How to get rid of copying and pasting text in ajax html editor

I am using ajax html editor for the news description page. When I copy an insert from a word or the Internet, it copies the style of this text, paragraph, etc., which overcomes the default class style of the text block of the HTML editor. What I want is to get rid of the inline style as shown below, but not for the html that is
I want to keep this in paragraph

<span id="ContentPlaceHolder1_newsDetaildesc" class="newsDetails"><span style="font-family: arial, helvetica, sans; font-size: 11px; line-height: 14px; color: #000000; "><strong>Lorem Ipsum</strong>&nbsp;is simply dummy text of the printing and typesetting industry. Lorem Ipsum has been the industry standard dummy text ever since the 1500s, when an unknown printer took a galley of type and scrambled it to make a type specimen book.<BR /> It has survived not only five centuries, but also the leap into electronic typesetting, remaining essentially unchanged.
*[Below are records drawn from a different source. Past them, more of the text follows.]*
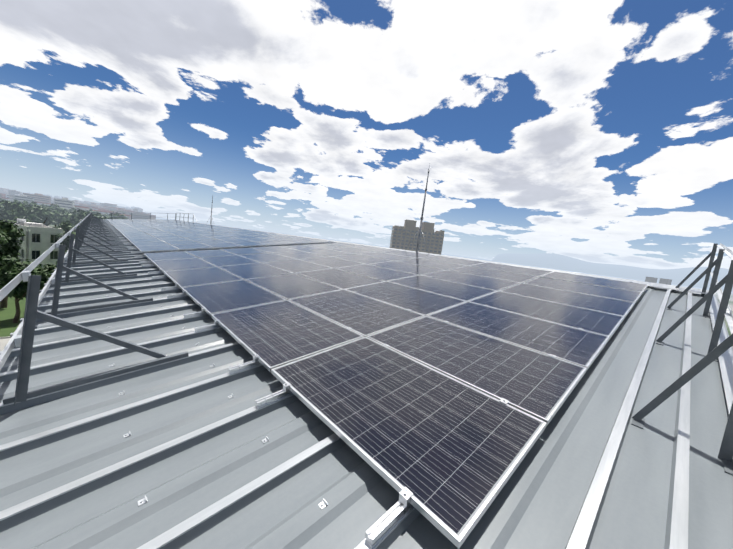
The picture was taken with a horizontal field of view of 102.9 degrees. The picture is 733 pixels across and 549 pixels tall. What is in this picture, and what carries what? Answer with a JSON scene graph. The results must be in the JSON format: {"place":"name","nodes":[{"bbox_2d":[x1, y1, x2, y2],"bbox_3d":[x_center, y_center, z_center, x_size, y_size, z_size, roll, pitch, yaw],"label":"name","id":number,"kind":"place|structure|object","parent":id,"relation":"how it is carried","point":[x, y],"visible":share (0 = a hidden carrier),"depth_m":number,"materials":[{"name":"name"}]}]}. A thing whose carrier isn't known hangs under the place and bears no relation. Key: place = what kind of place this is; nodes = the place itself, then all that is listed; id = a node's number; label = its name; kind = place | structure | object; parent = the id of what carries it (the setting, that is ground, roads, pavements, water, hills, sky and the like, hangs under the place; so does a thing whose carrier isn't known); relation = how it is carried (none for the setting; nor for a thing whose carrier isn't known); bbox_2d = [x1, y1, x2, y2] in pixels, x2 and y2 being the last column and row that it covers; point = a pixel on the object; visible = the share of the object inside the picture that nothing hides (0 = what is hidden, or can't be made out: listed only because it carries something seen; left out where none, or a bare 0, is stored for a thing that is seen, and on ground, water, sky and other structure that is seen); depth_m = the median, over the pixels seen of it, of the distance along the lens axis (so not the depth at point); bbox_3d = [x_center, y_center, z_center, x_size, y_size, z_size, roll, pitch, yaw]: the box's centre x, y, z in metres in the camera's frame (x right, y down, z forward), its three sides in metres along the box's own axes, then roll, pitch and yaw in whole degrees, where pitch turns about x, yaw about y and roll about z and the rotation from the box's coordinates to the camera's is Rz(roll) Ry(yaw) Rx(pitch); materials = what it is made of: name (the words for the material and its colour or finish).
{"place":"outdoors","nodes":[
{"label":"outdoors","id":0,"kind":"place"},
{"bbox_2d":[0,336,10,350],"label":"yard pavement","id":1,"kind":"structure","parent":0,"point":[4,341],"depth_m":28.52,"materials":[{"name":"concrete"}]},
{"bbox_2d":[0,217,732,336],"bbox_3d":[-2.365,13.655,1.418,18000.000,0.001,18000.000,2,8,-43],"label":"ground","id":2,"kind":"structure","parent":0,"point":[8,327],"depth_m":38.97,"materials":[{"name":"green plant"}]},
{"bbox_2d":[0,227,10,264],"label":"tree","id":3,"kind":"object","parent":2,"relation":"on","point":[3,238],"visible":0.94,"depth_m":33.48,"materials":[{"name":"green plant"}]},
{"bbox_2d":[0,219,25,307],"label":"tree","id":4,"kind":"object","parent":2,"relation":"on","point":[12,247],"visible":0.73,"depth_m":36.55,"materials":[{"name":"green plant"}]},
{"bbox_2d":[0,255,27,322],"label":"tree","id":5,"kind":"object","parent":2,"relation":"on","point":[11,269],"visible":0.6,"depth_m":32.25,"materials":[{"name":"green plant"}]},
{"bbox_2d":[0,200,38,222],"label":"tree","id":6,"kind":"object","parent":2,"relation":"on","point":[11,210],"visible":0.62,"depth_m":88.84,"materials":[{"name":"green plant"}]},
{"bbox_2d":[11,217,30,222],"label":"tree","id":7,"kind":"object","parent":2,"relation":"on","point":[15,219],"depth_m":69.86,"materials":[{"name":"green plant"}]},
{"bbox_2d":[23,200,37,208],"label":"tree","id":8,"kind":"object","parent":2,"relation":"on","point":[32,203],"visible":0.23,"depth_m":159.17,"materials":[{"name":"green plant"}]},
{"bbox_2d":[22,259,50,297],"bbox_3d":[-39.554,1.763,34.624,3.004,7.309,3.665,9,6,19],"label":"tree","id":9,"kind":"object","parent":2,"relation":"on","point":[43,273],"visible":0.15,"depth_m":34.50,"materials":[{"name":"green plant"}]},
{"bbox_2d":[12,218,63,267],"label":"building","id":10,"kind":"structure","parent":2,"relation":"on","point":[38,239],"depth_m":51.41,"materials":[{"name":"white paint"}]},
{"bbox_2d":[22,204,55,225],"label":"tree","id":11,"kind":"object","parent":2,"relation":"on","point":[45,214],"visible":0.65,"depth_m":101.78,"materials":[{"name":"green plant"}]},
{"bbox_2d":[42,262,56,277],"bbox_3d":[-41.172,1.563,38.158,3.303,6.539,3.464,2,8,-43],"label":"tree","id":12,"kind":"object","parent":2,"relation":"on","point":[50,267],"visible":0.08,"depth_m":37.37,"materials":[{"name":"green plant"}]},
{"bbox_2d":[49,204,59,224],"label":"tree","id":13,"kind":"object","parent":2,"relation":"on","point":[55,206],"visible":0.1,"depth_m":176.41,"materials":[{"name":"green plant"}]},
{"bbox_2d":[49,207,67,213],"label":"tree","id":14,"kind":"object","parent":2,"relation":"on","point":[59,209],"visible":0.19,"depth_m":161.46,"materials":[{"name":"green plant"}]},
{"bbox_2d":[50,210,71,225],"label":"tree","id":15,"kind":"object","parent":2,"relation":"on","point":[55,212],"visible":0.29,"depth_m":123.71,"materials":[{"name":"green plant"}]},
{"bbox_2d":[52,221,75,249],"bbox_3d":[-57.612,-4.681,55.103,4.490,11.135,3.770,8,6,8],"label":"tree","id":16,"kind":"object","parent":2,"relation":"on","point":[65,227],"visible":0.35,"depth_m":54.66,"materials":[{"name":"green plant"}]},
{"bbox_2d":[52,212,78,223],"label":"tree","id":17,"kind":"object","parent":2,"relation":"on","point":[60,218],"visible":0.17,"depth_m":113.83,"materials":[{"name":"green plant"}]},
{"bbox_2d":[67,207,79,213],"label":"building","id":18,"kind":"structure","parent":2,"relation":"on","point":[72,209],"depth_m":216.59,"materials":[{"name":"grey concrete"}]},
{"bbox_2d":[0,187,155,219],"bbox_3d":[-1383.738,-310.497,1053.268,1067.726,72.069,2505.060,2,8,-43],"label":"distant town","id":19,"kind":"object","parent":2,"relation":"on","point":[67,203],"visible":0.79,"depth_m":521.97},
{"bbox_2d":[63,208,105,224],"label":"tree","id":20,"kind":"object","parent":2,"relation":"on","point":[83,213],"visible":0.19,"depth_m":97.50,"materials":[{"name":"green plant"}]},
{"bbox_2d":[106,213,123,218],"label":"tree","id":21,"kind":"object","parent":2,"relation":"on","point":[114,215],"visible":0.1,"depth_m":173.73,"materials":[{"name":"green plant"}]},
{"bbox_2d":[109,211,126,218],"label":"tree","id":22,"kind":"object","parent":2,"relation":"on","point":[117,214],"visible":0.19,"depth_m":176.07,"materials":[{"name":"green plant"}]},
{"bbox_2d":[645,277,678,290],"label":"apartment block","id":23,"kind":"structure","parent":2,"relation":"on","point":[661,280],"depth_m":291.90,"materials":[{"name":"grey concrete"}]},
{"bbox_3d":[-11.508,3.126,24.471,18.052,13.693,50.780,2,8,-43],"label":"factory building","id":24,"kind":"object","parent":2,"relation":"on","visible":0},
{"bbox_2d":[0,219,732,548],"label":"metal roof","id":25,"kind":"structure","parent":24,"relation":"on","point":[196,461],"depth_m":1.67,"materials":[{"name":"paint"}]},
{"bbox_2d":[0,213,188,405],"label":"guardrail","id":26,"kind":"object","parent":25,"relation":"on","point":[26,330],"visible":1,"depth_m":2.31,"materials":[{"name":"grey paint"}]},
{"bbox_2d":[90,212,175,219],"bbox_3d":[-30.733,-7.745,38.964,9.285,1.006,0.125,-9,15,-41],"label":"railing","id":27,"kind":"object","parent":25,"relation":"on","point":[131,216],"visible":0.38,"depth_m":38.46,"materials":[{"name":"grey paint"}]},
{"bbox_2d":[176,213,197,222],"bbox_3d":[-23.218,-7.333,37.469,0.199,1.026,12.368,2,8,-43],"label":"ridge guard rail","id":28,"kind":"object","parent":25,"relation":"on","point":[188,216],"visible":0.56,"depth_m":36.49,"materials":[{"name":"grey paint"}]},
{"bbox_2d":[99,255,327,509],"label":"roof brackets","id":29,"kind":"object","parent":25,"relation":"on","point":[323,504],"visible":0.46,"depth_m":1.72,"materials":[{"name":"metal"}]},
{"bbox_2d":[104,219,631,547],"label":"solar mounting rails","id":30,"kind":"object","parent":25,"relation":"on","point":[387,522],"visible":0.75,"depth_m":2.08,"materials":[{"name":"metal"}]},
{"bbox_2d":[106,219,647,548],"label":"solar panels","id":31,"kind":"object","parent":25,"relation":"on","point":[432,423],"visible":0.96,"depth_m":2.99,"materials":[{"name":"glass"}]},
{"bbox_2d":[405,165,429,252],"bbox_3d":[1.963,-2.299,10.122,0.925,3.174,0.916,-9,15,-41],"label":"lightning rod","id":32,"kind":"object","parent":25,"relation":"on","point":[419,234],"visible":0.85,"depth_m":10.35,"materials":[{"name":"metal"}]},
{"bbox_2d":[631,243,732,475],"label":"guardrail","id":33,"kind":"object","parent":25,"relation":"on","point":[714,353],"visible":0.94,"depth_m":2.94,"materials":[{"name":"grey paint"}]},
{"bbox_2d":[0,0,732,268],"label":"sky","id":34,"kind":"structure","parent":0,"point":[595,131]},
{"bbox_2d":[389,219,443,254],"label":"apartment tower","id":35,"kind":"structure","parent":0,"point":[402,237],"depth_m":286.47,"materials":[{"name":"grey concrete"}]},
{"bbox_2d":[492,253,732,291],"bbox_3d":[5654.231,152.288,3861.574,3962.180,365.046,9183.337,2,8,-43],"label":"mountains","id":36,"kind":"structure","parent":0,"point":[568,263],"depth_m":5117.10,"materials":[{"name":"white"}]}
]}

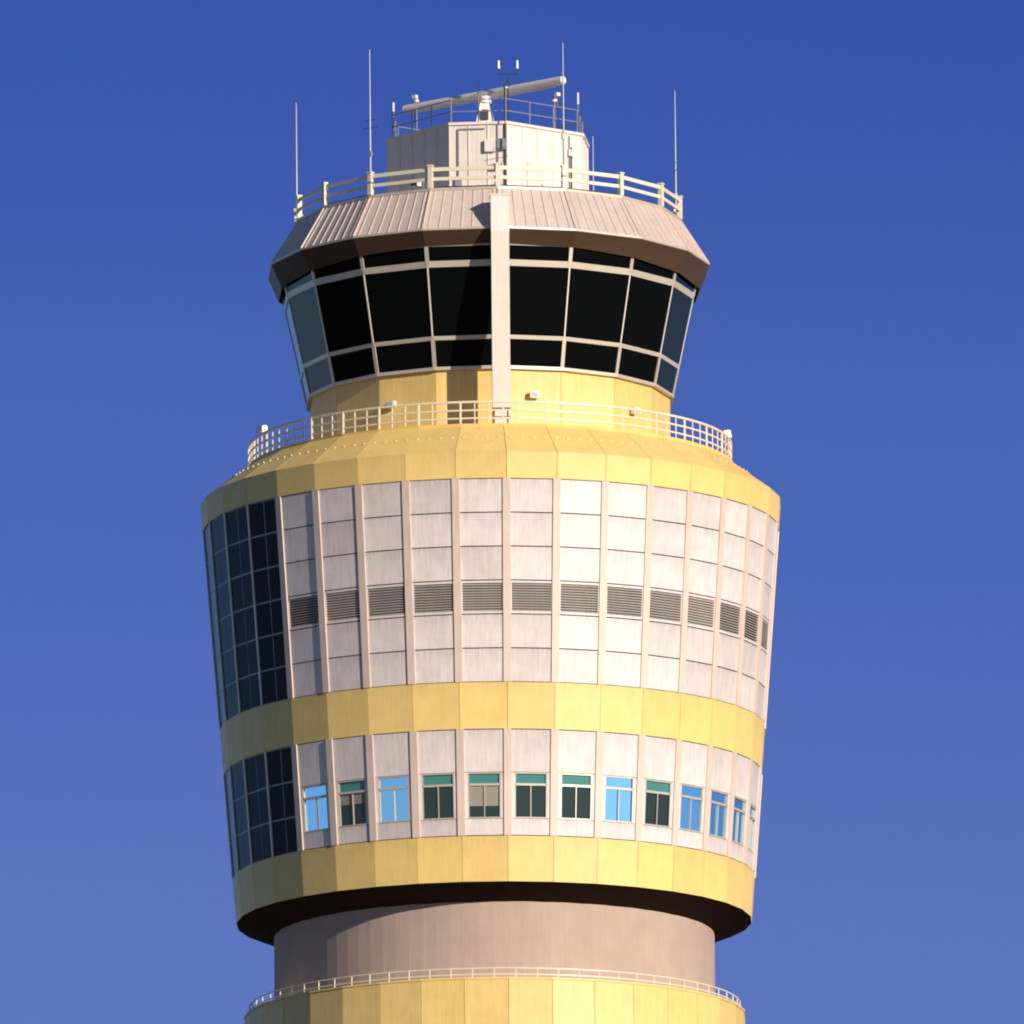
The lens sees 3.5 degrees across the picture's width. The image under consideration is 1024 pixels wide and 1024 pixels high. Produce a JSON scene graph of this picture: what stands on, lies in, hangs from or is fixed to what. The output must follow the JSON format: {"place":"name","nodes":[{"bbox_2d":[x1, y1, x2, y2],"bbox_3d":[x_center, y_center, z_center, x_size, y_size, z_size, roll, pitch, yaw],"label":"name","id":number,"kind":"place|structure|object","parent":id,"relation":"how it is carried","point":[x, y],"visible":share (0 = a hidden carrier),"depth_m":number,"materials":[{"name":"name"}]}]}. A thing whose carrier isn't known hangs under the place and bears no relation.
{"place":"outdoors","nodes":[
{"label":"outdoors","id":0,"kind":"place"},
{"bbox_2d":[244,901,745,1023],"bbox_3d":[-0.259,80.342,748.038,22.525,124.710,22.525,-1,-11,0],"label":"tower shaft","id":1,"kind":"object","parent":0,"point":[491,934],"visible":0.99,"depth_m":750.15,"materials":[{"name":"beige concrete"}]},
{"bbox_2d":[200,423,780,945],"bbox_3d":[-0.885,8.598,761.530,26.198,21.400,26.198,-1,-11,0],"label":"tower office floors","id":2,"kind":"structure","parent":1,"relation":"on","point":[490,661],"depth_m":751.17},
{"bbox_2d":[268,186,709,438],"bbox_3d":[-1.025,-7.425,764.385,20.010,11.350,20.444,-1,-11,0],"label":"cab","id":3,"kind":"object","parent":2,"relation":"on","point":[483,293],"visible":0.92,"depth_m":757.14,"materials":[{"name":"black glass"}]},
{"bbox_2d":[294,43,677,220],"bbox_3d":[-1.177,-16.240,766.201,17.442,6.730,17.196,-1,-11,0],"label":"antennas","id":4,"kind":"object","parent":3,"relation":"on","point":[563,136],"visible":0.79,"depth_m":759.24,"materials":[{"name":"metal"}]},
{"bbox_2d":[386,60,588,192],"bbox_3d":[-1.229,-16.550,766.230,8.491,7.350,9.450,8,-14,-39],"label":"penthouse","id":5,"kind":"object","parent":3,"relation":"on","point":[485,139],"visible":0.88,"depth_m":763.00,"materials":[{"name":"metal"}]},
{"bbox_2d":[294,162,682,224],"bbox_3d":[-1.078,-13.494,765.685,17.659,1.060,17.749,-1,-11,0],"label":"deck railing","id":6,"kind":"object","parent":3,"relation":"on","point":[497,167],"visible":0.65,"depth_m":758.65,"materials":[{"name":"metal"}]},
{"bbox_2d":[248,400,731,465],"bbox_3d":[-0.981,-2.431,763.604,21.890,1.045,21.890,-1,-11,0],"label":"catwalk railing","id":7,"kind":"object","parent":2,"relation":"on","point":[728,453],"visible":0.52,"depth_m":754.72,"materials":[{"name":"metal"}]},
{"bbox_2d":[256,391,731,449],"bbox_3d":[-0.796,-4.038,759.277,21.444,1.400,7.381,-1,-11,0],"label":"floodlights","id":8,"kind":"object","parent":2,"relation":"on","point":[532,394],"visible":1,"depth_m":758.65,"materials":[{"name":"white paint"}]},
{"bbox_2d":[249,967,740,1009],"bbox_3d":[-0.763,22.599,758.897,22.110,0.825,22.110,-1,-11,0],"label":"railing","id":9,"kind":"object","parent":1,"relation":"on","point":[537,974],"visible":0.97,"depth_m":749.74,"materials":[{"name":"metal"}]},
{"bbox_2d":[0,0,1023,1023],"label":"sky","id":10,"kind":"structure","parent":0,"point":[850,173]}
]}

It was popularised in the 1960s with the release of Letraset sheets containing Lorem Ipsum passages, and more recently with desktop publishing software like Aldus PageMaker including versions of Lorem Ipsum.</span></span></p> 

#left_column .newsDetails span[style] { font-family: Arial !important; font-size: small !important; font-weight: normal !important; color: #808080 !important; }

+6
source share
6 answers

First, keep in mind that the HTML received when pasting from Word (or any other HTML source) will vary greatly depending on the source. Even different versions of Word will give you a radically different entry. If you have developed code that works fine on content from the version of MS Word that you have, it may not work at all for another version of MS Word.

In addition, some sources will embed HTML-like content, but actually garbage. When you paste HTML content into a rich text area in your browser, your browser has nothing to do with how this HTML code is generated. Do not expect this to be valid in any part of your imagination. In addition, your browser will promote HTML as it is pasted into the DOM area of ​​your rich text.

Since the potential inputs are very different, and because the acceptable outputs are difficult to determine, it is difficult to create a suitable filter for these kinds of things. In addition, you cannot control how future versions of MS Word will process their HTML content, so your code will be difficult for the future.

However, with a heart! If all the world's problems were easy, it would be a rather boring place. There are some potential solutions. You can save the good parts of HTML and discard the bad parts.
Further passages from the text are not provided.